> **Work to complete**
Please output the data exactly, minus pictures.

> **Dataset extract**
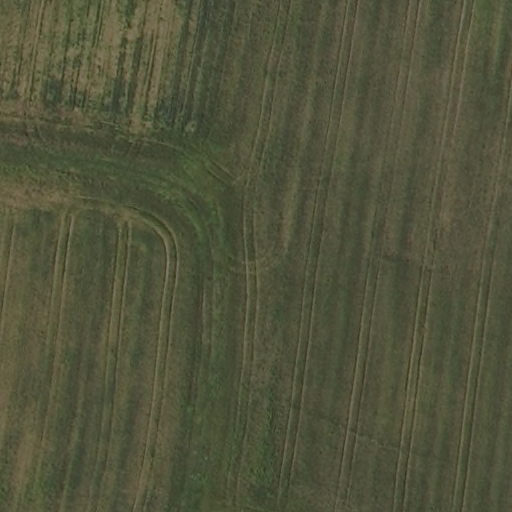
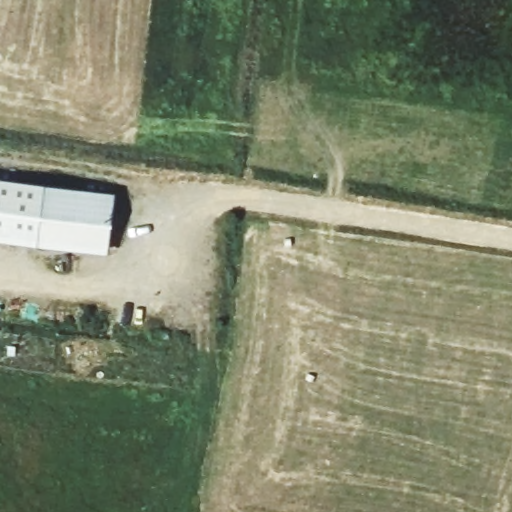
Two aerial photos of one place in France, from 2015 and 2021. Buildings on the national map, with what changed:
new [(42,191),(36,252),(0,249),(0,187),(42,191)]
new [(67,255),(36,252),(42,191),(97,196),(93,247),(92,257),(67,255)]

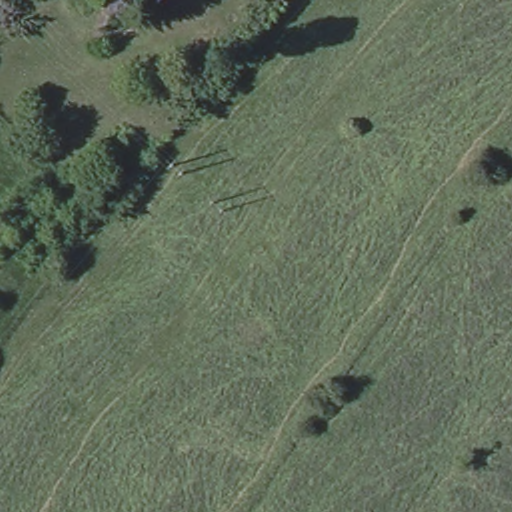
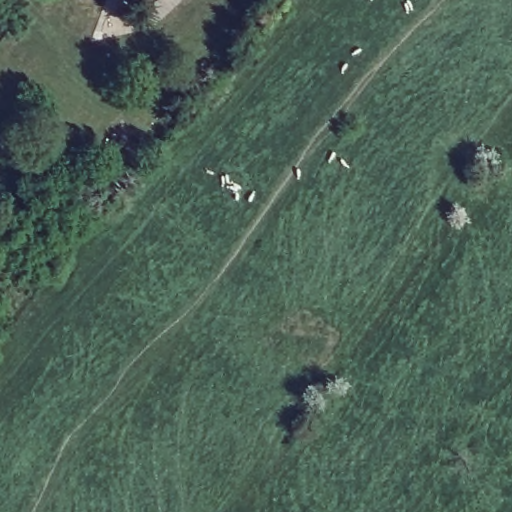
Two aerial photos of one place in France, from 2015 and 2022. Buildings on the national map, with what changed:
unchanged [(130,0),(132,0),(131,1),(130,0)]

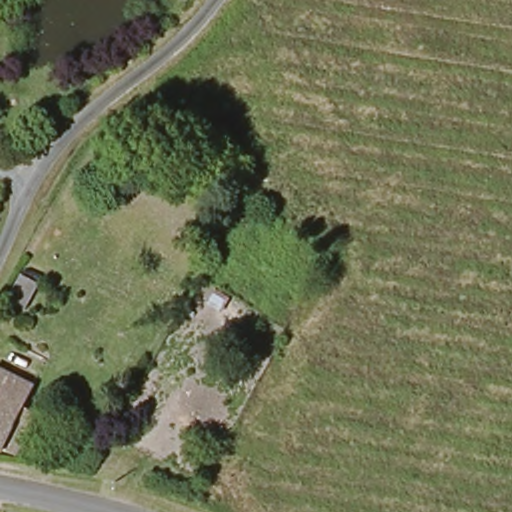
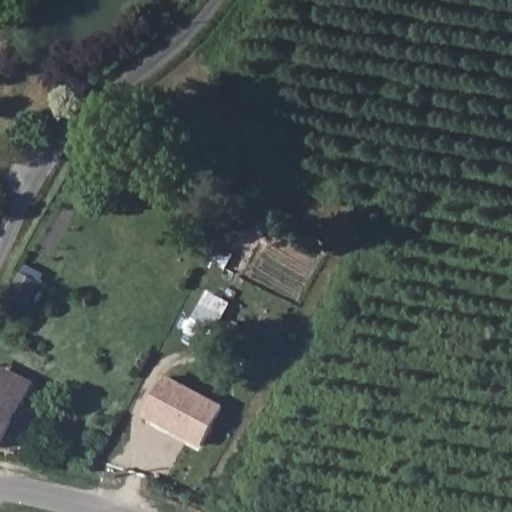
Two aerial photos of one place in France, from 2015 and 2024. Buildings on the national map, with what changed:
unchanged [(45,272),(29,306),(11,298),(25,263),(45,272)]
new [(209,297),(230,310),(209,346),(189,334),(209,297)]
unchanged [(35,388),(1,450),(0,449),(0,370),(0,369),(35,388)]
new [(202,450),(144,418),(166,375),(224,406),(202,450)]

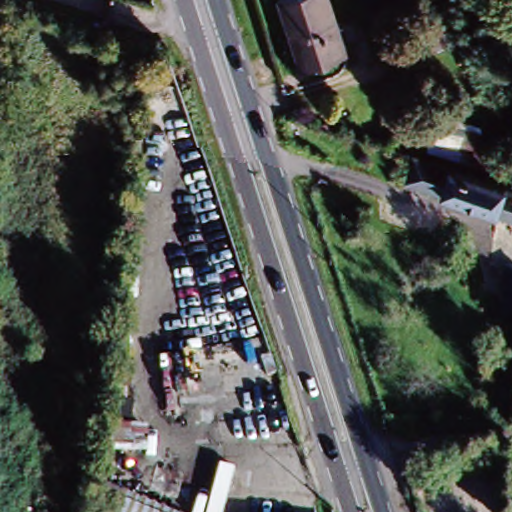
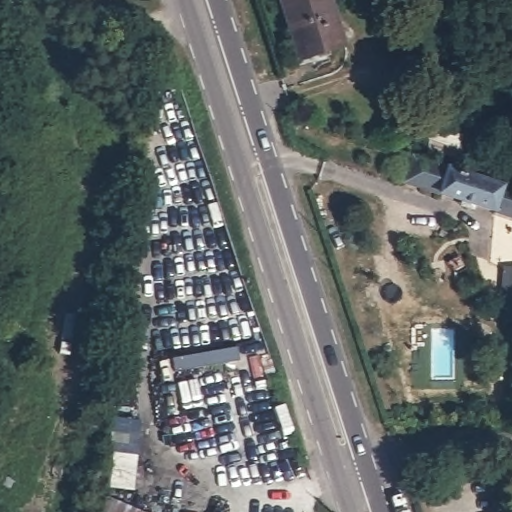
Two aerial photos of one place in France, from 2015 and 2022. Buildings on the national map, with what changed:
unchanged [(333,55),(294,65),(276,0),(319,0),(333,55)]
unchanged [(360,0),(386,0),(389,11),(365,20),(360,0)]
unchanged [(426,0),(458,0),(467,39),(440,49),(426,0)]
unchanged [(405,184),(416,149),(425,156),(437,110),(487,122),(492,157),(473,152),(467,171),(512,183),(512,214),(405,184)]
unchanged [(505,317),(506,311),(509,267),(512,267),(512,318),(505,317)]
unchanged [(163,512),(106,512),(107,489),(163,512)]

> **Expected answer**
Two aerial photos of one place in France, from 2015 and 2021. Buildings on the national map, with what changed:
new [(42,191),(36,252),(0,249),(0,187),(42,191)]
new [(67,255),(36,252),(42,191),(97,196),(93,247),(92,257),(67,255)]

Two aerial photos of one place in France, from 2015 and 2022. Buildings on the national map, with what changed:
unchanged [(130,0),(132,0),(131,1),(130,0)]

Two aerial photos of one place in France, from 2015 and 2024. Buildings on the national map, with what changed:
unchanged [(45,272),(29,306),(11,298),(25,263),(45,272)]
new [(209,297),(230,310),(209,346),(189,334),(209,297)]
unchanged [(35,388),(1,450),(0,449),(0,370),(0,369),(35,388)]
new [(202,450),(144,418),(166,375),(224,406),(202,450)]

Two aerial photos of one place in France, from 2015 and 2022. Buildings on the national map, with what changed:
unchanged [(333,55),(294,65),(276,0),(319,0),(333,55)]
unchanged [(360,0),(386,0),(389,11),(365,20),(360,0)]
unchanged [(426,0),(458,0),(467,39),(440,49),(426,0)]
unchanged [(405,184),(416,149),(425,156),(437,110),(487,122),(492,157),(473,152),(467,171),(512,183),(512,214),(405,184)]
unchanged [(505,317),(506,311),(509,267),(512,267),(512,318),(505,317)]
unchanged [(163,512),(106,512),(107,489),(163,512)]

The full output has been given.